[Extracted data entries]
################
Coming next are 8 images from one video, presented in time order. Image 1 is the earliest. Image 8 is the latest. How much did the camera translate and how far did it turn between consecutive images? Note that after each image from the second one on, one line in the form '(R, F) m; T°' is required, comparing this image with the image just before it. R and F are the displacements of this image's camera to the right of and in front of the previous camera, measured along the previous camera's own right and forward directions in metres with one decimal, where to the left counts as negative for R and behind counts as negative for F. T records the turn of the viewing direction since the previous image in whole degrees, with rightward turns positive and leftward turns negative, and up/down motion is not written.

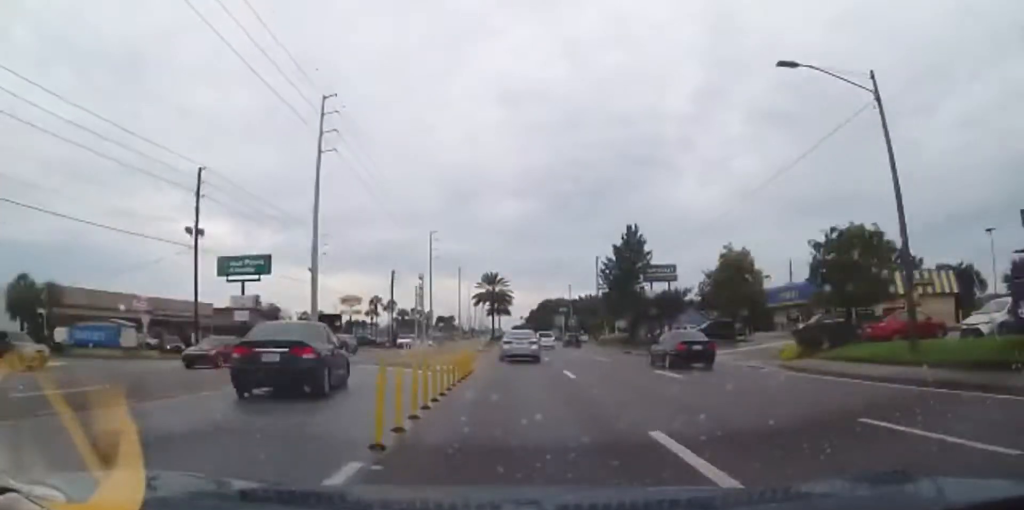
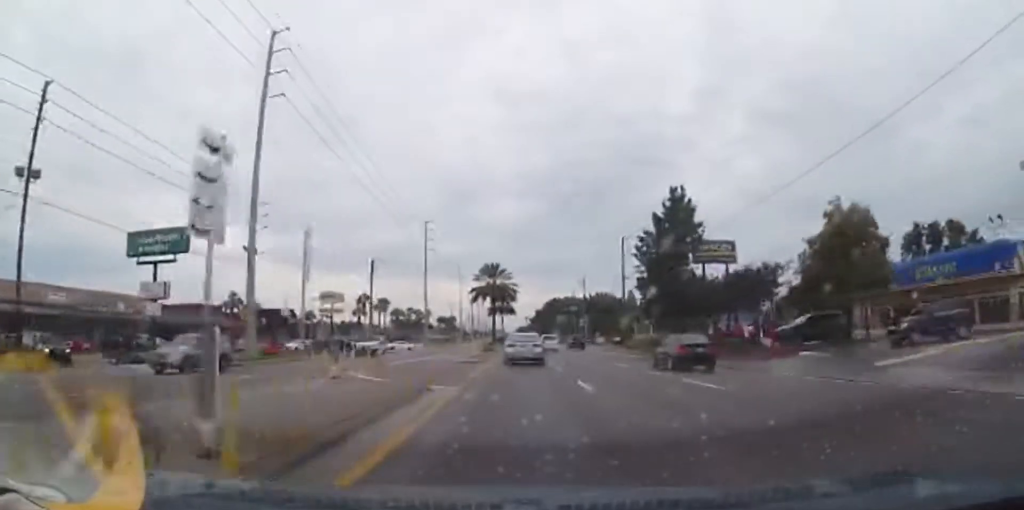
(0.0, +15.5) m; 0°
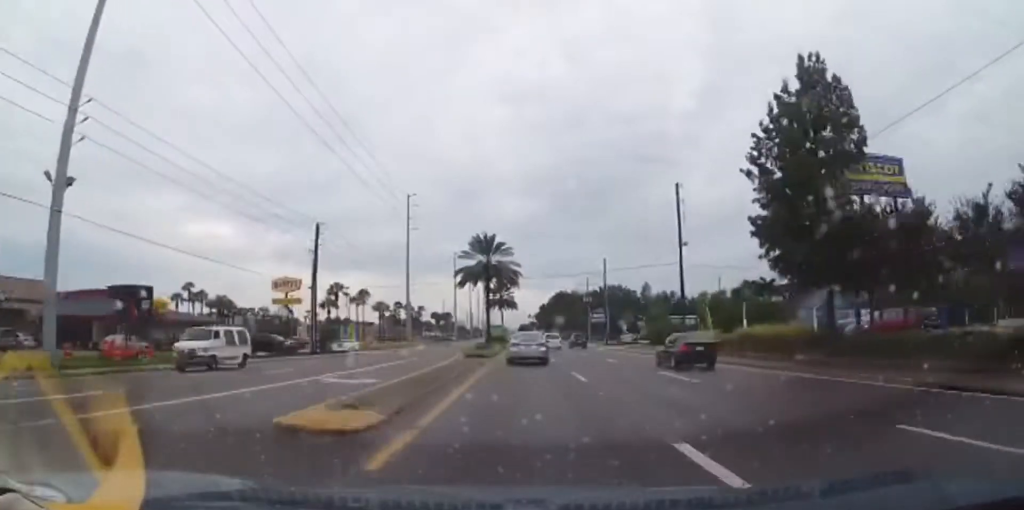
(0.0, +21.8) m; -1°
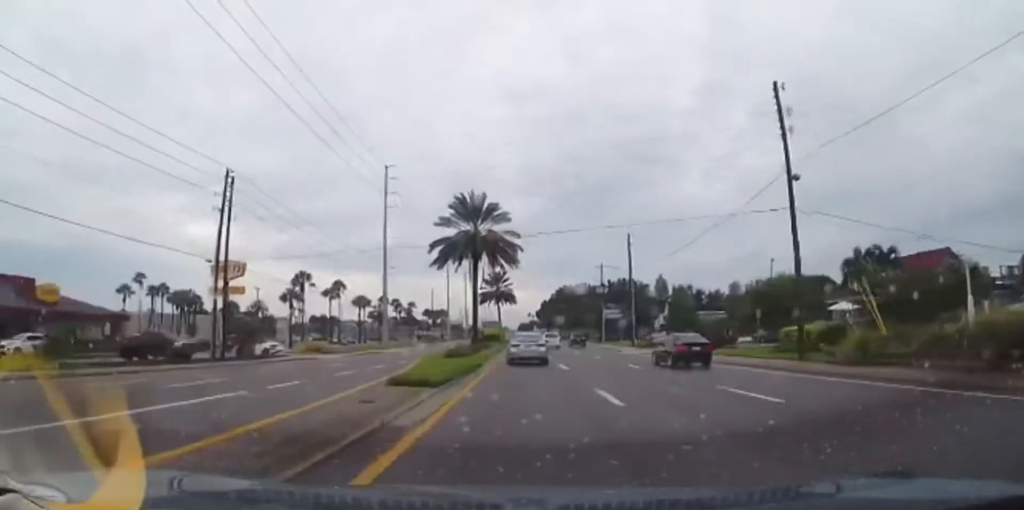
(0.0, +17.8) m; 0°
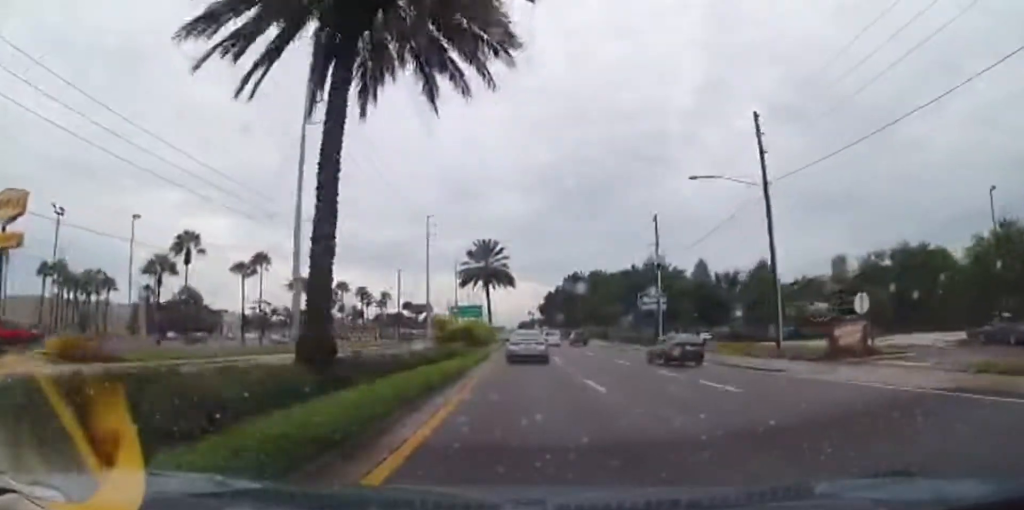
(-0.1, +34.5) m; 0°
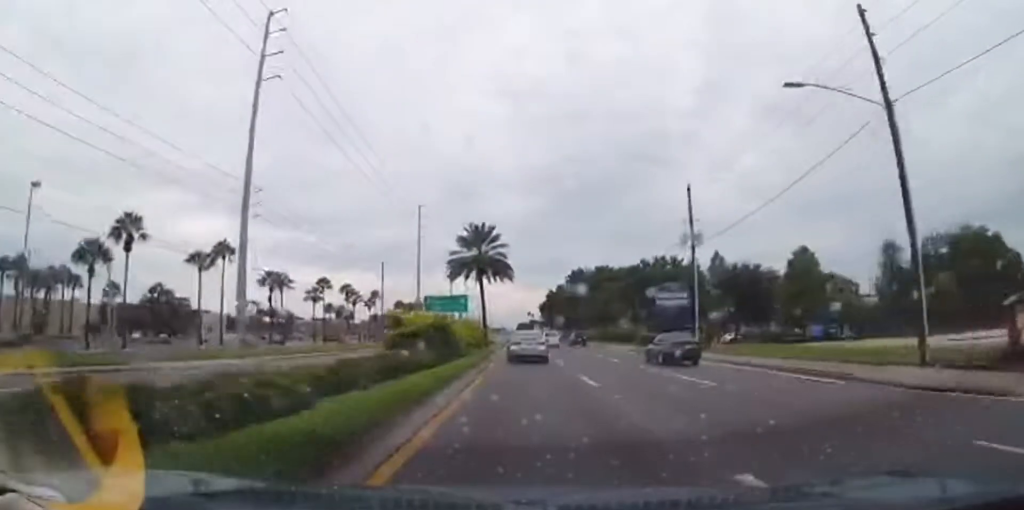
(-0.1, +10.5) m; 0°
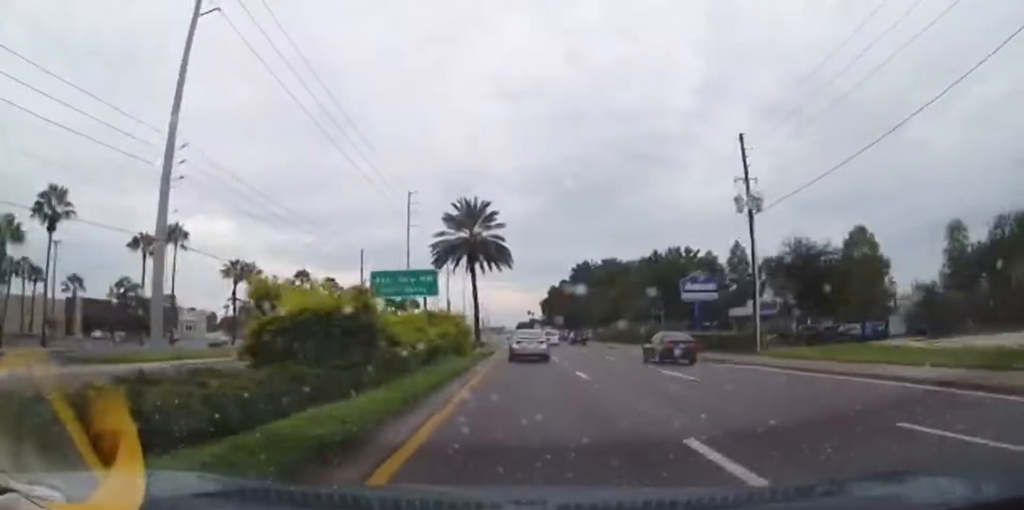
(+0.1, +10.6) m; 0°
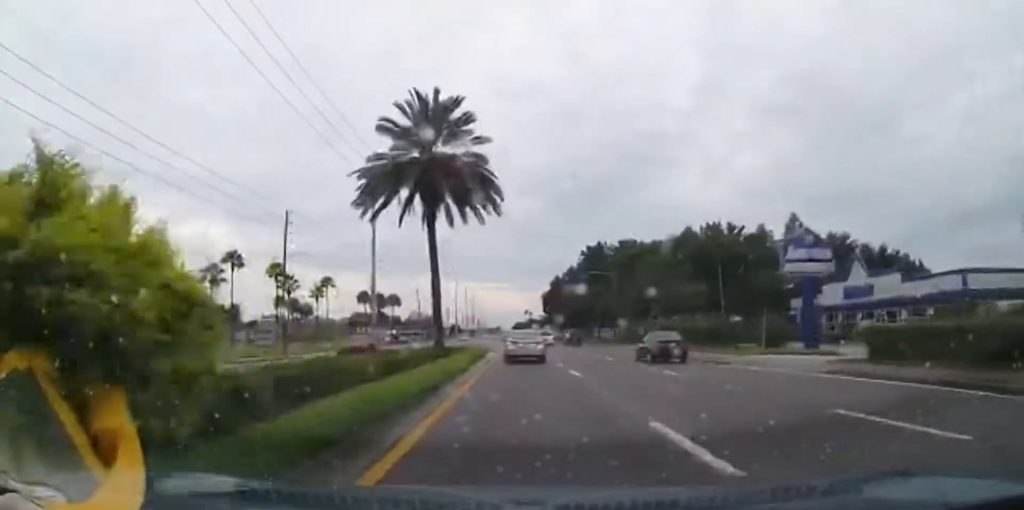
(+0.1, +23.1) m; 0°
################
■ **Work request**:
From the first line to the last, repeat the records exactly. Leave out the pictures.

■ **Answer area**:
Coming next are 8 images from one video, presented in time order. Image 1 is the earliest. Image 8 is the latest. How much did the camera translate and how far did it turn between consecutive images? Note that after each image from the second one on, one line in the form '(R, F) m; T°' is required, comparing this image with the image just before it. R and F are the displacements of this image's camera to the right of and in front of the previous camera, measured along the previous camera's own right and forward directions in metres with one decimal, where to the left counts as negative for R and behind counts as negative for F. T records the turn of the viewing direction since the previous image in whole degrees, with rightward turns positive and leftward turns negative, and up/down motion is not written.

(0.0, +15.5) m; 0°
(0.0, +21.8) m; -1°
(0.0, +17.8) m; 0°
(-0.1, +34.5) m; 0°
(-0.1, +10.5) m; 0°
(+0.1, +10.6) m; 0°
(+0.1, +23.1) m; 0°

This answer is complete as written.